**Provided records:**
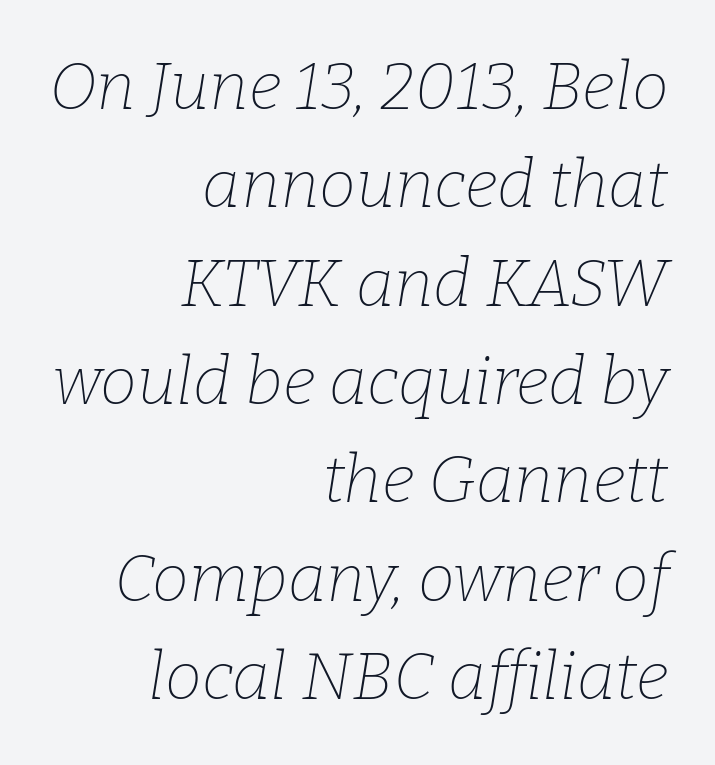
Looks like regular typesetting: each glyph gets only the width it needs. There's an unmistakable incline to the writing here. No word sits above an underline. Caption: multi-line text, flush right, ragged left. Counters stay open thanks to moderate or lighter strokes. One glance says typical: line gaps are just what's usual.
---
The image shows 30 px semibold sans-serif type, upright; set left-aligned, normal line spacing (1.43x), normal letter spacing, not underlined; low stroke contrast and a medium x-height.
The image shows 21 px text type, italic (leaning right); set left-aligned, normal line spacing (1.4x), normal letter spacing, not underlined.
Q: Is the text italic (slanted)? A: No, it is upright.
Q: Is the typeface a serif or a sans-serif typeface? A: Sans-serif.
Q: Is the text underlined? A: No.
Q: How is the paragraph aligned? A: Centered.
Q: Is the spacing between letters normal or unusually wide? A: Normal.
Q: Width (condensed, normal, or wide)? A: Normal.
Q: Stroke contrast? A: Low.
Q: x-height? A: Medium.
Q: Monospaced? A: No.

**Exercise prompt:**
How many lines in the entries include the string "upright"? Answer with the number alone.

**Exercise result:**
2